Brief: Transcribe the stretch of entries below from the line with "29.104L26.667 27.999V29.053L26.865 29.104C32.983" through the line with "28.286C26.444 27.763 25.773", exactly and with both ends included; leave out all other lines.
⟨
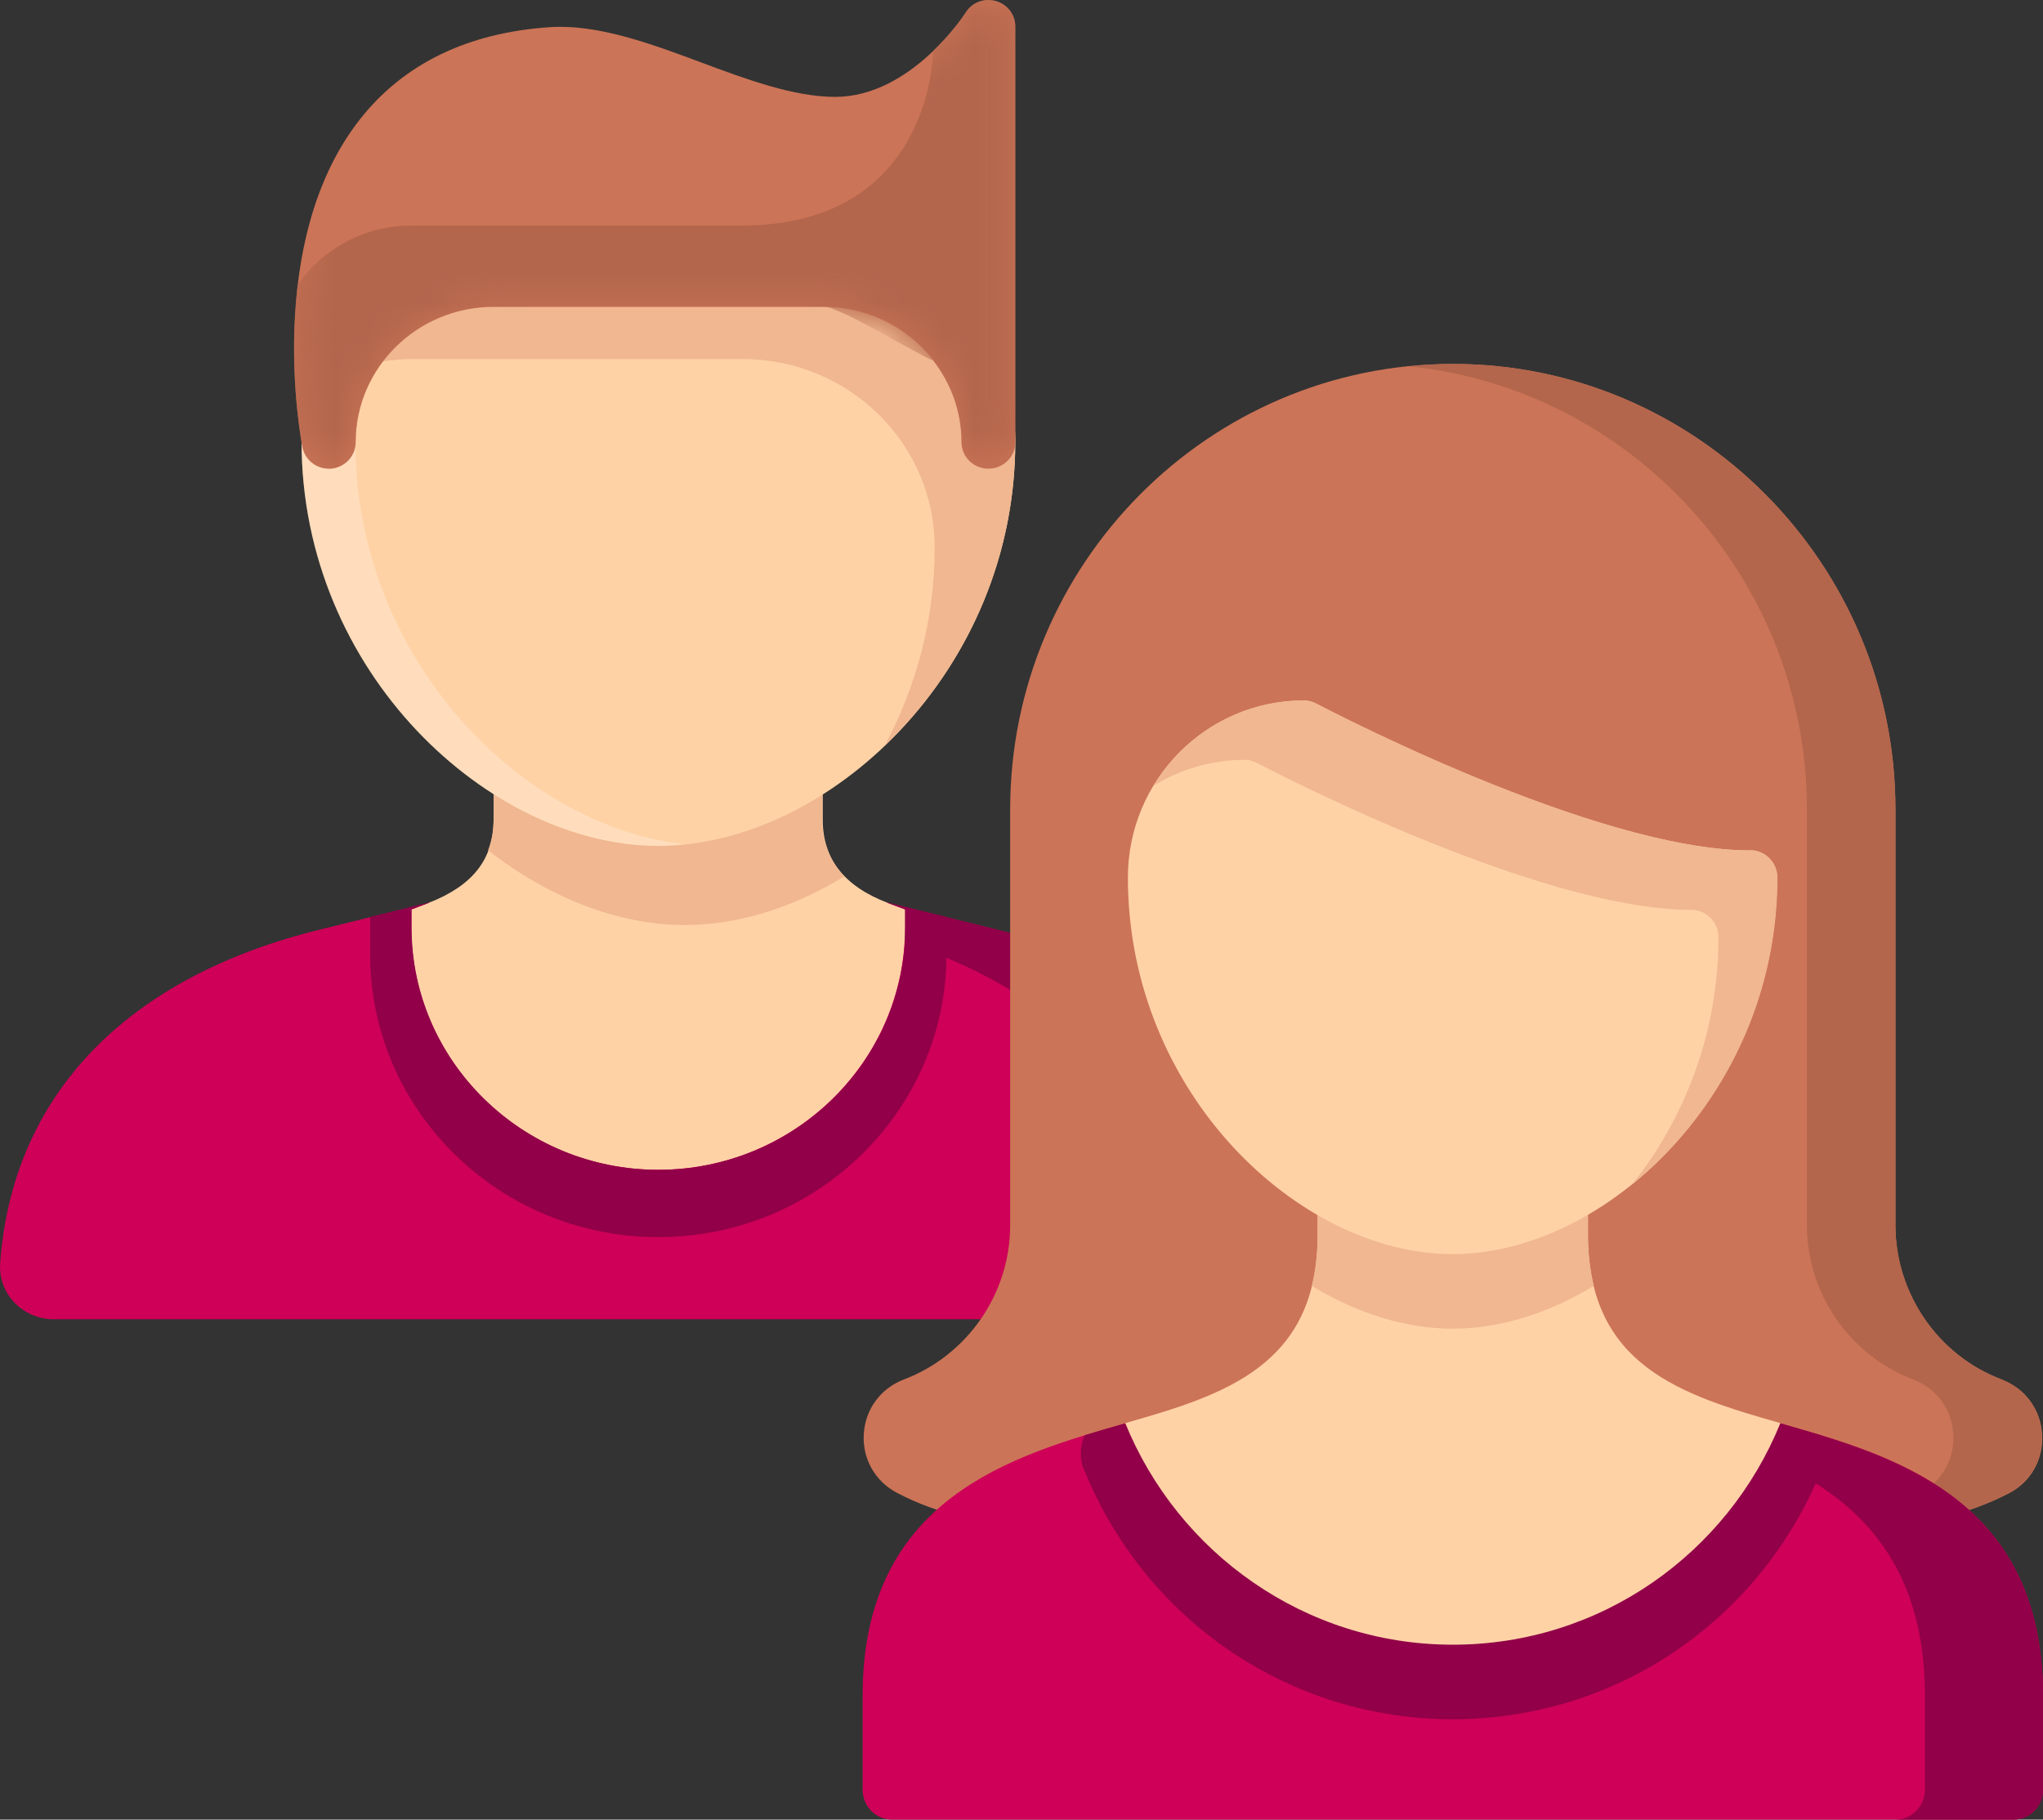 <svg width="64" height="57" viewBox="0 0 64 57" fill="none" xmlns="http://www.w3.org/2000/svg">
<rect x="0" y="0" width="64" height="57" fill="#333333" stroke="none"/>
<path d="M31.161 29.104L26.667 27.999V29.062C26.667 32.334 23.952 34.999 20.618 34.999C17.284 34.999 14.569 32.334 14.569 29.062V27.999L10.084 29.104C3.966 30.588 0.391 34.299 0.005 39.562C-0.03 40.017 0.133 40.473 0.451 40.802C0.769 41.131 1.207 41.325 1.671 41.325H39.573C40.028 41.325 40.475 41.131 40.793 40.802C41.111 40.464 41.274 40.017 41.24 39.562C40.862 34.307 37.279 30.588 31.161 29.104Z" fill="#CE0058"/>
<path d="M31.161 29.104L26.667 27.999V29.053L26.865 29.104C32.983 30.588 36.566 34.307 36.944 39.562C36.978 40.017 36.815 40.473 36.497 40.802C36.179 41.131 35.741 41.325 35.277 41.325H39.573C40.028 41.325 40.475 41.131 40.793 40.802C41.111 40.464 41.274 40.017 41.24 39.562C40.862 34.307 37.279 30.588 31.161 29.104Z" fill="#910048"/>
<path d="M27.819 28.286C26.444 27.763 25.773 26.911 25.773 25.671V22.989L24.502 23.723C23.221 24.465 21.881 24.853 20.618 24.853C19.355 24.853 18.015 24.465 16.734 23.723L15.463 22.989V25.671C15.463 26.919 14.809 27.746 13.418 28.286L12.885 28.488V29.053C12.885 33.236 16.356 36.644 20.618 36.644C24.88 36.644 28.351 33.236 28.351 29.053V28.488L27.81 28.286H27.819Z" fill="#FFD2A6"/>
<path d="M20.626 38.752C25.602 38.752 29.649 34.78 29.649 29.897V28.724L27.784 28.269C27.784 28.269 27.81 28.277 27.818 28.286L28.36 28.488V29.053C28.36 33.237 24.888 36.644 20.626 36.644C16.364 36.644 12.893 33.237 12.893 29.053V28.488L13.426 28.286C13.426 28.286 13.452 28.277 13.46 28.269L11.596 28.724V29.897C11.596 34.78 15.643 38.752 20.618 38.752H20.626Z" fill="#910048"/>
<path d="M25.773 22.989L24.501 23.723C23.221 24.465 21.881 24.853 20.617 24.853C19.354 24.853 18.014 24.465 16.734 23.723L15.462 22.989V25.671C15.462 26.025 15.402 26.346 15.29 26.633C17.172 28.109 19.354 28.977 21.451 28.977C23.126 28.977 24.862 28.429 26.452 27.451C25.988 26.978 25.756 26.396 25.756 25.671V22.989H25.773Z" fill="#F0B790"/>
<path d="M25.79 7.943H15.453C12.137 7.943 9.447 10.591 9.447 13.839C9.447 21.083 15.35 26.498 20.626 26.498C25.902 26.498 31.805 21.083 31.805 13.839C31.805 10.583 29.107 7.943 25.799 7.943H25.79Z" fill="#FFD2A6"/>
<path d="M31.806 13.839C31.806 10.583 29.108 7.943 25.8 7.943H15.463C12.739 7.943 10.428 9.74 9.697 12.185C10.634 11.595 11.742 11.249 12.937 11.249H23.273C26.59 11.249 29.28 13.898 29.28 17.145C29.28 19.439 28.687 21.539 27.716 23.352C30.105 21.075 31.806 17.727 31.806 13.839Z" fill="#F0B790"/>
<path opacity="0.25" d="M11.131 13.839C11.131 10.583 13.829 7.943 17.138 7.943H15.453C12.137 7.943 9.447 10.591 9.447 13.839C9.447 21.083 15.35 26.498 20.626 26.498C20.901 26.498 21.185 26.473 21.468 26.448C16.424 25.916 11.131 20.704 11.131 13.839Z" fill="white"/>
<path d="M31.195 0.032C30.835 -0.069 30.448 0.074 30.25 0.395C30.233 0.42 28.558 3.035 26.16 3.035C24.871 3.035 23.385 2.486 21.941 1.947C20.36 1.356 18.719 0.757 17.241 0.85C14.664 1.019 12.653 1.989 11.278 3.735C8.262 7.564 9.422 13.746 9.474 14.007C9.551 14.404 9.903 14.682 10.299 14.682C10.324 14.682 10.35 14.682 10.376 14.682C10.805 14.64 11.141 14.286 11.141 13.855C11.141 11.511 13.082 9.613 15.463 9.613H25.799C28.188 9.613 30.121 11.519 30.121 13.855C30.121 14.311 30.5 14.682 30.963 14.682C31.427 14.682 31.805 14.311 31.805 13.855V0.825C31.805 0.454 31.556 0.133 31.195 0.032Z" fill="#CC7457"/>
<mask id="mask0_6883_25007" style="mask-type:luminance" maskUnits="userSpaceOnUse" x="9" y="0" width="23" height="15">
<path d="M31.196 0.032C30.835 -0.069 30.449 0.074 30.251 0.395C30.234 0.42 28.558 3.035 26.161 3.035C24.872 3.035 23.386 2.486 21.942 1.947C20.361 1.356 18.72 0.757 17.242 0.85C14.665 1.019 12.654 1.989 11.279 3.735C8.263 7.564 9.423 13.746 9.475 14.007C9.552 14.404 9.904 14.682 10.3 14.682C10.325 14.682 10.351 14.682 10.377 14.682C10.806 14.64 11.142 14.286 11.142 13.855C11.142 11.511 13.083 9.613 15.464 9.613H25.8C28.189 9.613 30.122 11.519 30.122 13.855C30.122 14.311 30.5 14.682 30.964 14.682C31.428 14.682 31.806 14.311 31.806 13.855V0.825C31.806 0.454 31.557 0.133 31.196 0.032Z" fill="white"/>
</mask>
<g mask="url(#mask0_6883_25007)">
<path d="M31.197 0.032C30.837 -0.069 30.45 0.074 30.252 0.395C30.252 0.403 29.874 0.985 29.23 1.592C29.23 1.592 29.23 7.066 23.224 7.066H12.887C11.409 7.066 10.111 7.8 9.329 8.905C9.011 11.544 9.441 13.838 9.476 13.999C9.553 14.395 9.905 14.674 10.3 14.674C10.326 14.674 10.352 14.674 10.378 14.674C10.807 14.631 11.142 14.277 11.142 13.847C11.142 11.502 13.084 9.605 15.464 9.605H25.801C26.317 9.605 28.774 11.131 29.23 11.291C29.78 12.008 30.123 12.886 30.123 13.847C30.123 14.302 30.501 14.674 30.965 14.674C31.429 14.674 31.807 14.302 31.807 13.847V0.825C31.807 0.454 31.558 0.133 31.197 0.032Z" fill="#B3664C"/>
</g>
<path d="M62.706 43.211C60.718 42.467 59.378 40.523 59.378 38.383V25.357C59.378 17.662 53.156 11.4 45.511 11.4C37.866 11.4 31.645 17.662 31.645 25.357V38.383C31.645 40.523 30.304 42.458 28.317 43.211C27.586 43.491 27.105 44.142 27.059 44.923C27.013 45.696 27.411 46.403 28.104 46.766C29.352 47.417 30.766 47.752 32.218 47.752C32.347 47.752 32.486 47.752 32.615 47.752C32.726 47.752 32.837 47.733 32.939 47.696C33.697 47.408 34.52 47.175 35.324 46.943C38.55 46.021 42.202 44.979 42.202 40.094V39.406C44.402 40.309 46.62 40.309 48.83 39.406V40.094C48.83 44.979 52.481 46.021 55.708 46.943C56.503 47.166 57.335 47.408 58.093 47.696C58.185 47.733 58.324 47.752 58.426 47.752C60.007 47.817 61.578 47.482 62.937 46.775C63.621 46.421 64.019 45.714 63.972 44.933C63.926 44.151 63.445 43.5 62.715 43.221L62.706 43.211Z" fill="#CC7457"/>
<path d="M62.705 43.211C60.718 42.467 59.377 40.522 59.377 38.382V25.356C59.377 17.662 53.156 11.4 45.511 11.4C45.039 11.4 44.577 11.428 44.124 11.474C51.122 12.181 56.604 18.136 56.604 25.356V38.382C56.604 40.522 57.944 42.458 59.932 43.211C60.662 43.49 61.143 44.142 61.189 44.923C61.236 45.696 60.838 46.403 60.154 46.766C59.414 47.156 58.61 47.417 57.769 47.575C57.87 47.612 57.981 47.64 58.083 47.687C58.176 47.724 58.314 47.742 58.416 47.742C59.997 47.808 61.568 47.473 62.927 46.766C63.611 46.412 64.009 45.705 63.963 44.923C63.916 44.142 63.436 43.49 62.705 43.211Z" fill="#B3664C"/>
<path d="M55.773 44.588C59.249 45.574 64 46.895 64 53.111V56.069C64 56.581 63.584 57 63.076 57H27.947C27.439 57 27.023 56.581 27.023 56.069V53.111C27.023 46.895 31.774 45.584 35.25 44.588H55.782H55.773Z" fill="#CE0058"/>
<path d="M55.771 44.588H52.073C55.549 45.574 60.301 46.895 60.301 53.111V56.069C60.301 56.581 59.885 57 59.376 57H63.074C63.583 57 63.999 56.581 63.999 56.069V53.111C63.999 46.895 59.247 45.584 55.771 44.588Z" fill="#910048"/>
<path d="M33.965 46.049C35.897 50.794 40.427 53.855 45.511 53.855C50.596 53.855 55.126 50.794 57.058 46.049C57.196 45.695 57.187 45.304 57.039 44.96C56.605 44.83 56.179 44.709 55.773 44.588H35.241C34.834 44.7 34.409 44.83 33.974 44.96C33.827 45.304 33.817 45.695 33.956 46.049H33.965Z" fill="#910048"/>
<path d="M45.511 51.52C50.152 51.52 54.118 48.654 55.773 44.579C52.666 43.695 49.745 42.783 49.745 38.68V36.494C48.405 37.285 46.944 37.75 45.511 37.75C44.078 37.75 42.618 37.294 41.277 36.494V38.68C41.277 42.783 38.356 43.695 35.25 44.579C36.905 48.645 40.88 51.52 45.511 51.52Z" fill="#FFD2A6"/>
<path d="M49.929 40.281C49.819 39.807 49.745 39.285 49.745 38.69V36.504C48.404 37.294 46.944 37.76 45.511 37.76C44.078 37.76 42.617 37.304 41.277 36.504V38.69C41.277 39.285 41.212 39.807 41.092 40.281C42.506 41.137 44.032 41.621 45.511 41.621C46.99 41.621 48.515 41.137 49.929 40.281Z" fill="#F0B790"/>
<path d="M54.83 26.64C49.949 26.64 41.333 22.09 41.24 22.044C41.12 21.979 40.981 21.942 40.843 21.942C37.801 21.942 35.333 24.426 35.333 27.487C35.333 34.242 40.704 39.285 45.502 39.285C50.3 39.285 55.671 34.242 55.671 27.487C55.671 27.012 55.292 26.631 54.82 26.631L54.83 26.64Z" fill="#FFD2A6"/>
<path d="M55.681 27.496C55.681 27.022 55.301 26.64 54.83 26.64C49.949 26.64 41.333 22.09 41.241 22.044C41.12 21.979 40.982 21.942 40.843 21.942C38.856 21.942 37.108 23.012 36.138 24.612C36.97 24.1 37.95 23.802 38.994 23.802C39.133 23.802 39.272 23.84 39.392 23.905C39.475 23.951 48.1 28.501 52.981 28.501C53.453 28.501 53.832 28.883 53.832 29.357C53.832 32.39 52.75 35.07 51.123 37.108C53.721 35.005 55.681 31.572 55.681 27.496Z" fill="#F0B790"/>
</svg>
⟩
Written answer:
<path d="M31.161 29.104L26.667 27.999V29.053L26.865 29.104C32.983 30.588 36.566 34.307 36.944 39.562C36.978 40.017 36.815 40.473 36.497 40.802C36.179 41.131 35.741 41.325 35.277 41.325H39.573C40.028 41.325 40.475 41.131 40.793 40.802C41.111 40.464 41.274 40.017 41.24 39.562C40.862 34.307 37.279 30.588 31.161 29.104Z" fill="#910048"/>
<path d="M27.819 28.286C26.444 27.763 25.773 26.911 25.773 25.671V22.989L24.502 23.723C23.221 24.465 21.881 24.853 20.618 24.853C19.355 24.853 18.015 24.465 16.734 23.723L15.463 22.989V25.671C15.463 26.919 14.809 27.746 13.418 28.286L12.885 28.488V29.053C12.885 33.236 16.356 36.644 20.618 36.644C24.88 36.644 28.351 33.236 28.351 29.053V28.488L27.81 28.286H27.819Z" fill="#FFD2A6"/>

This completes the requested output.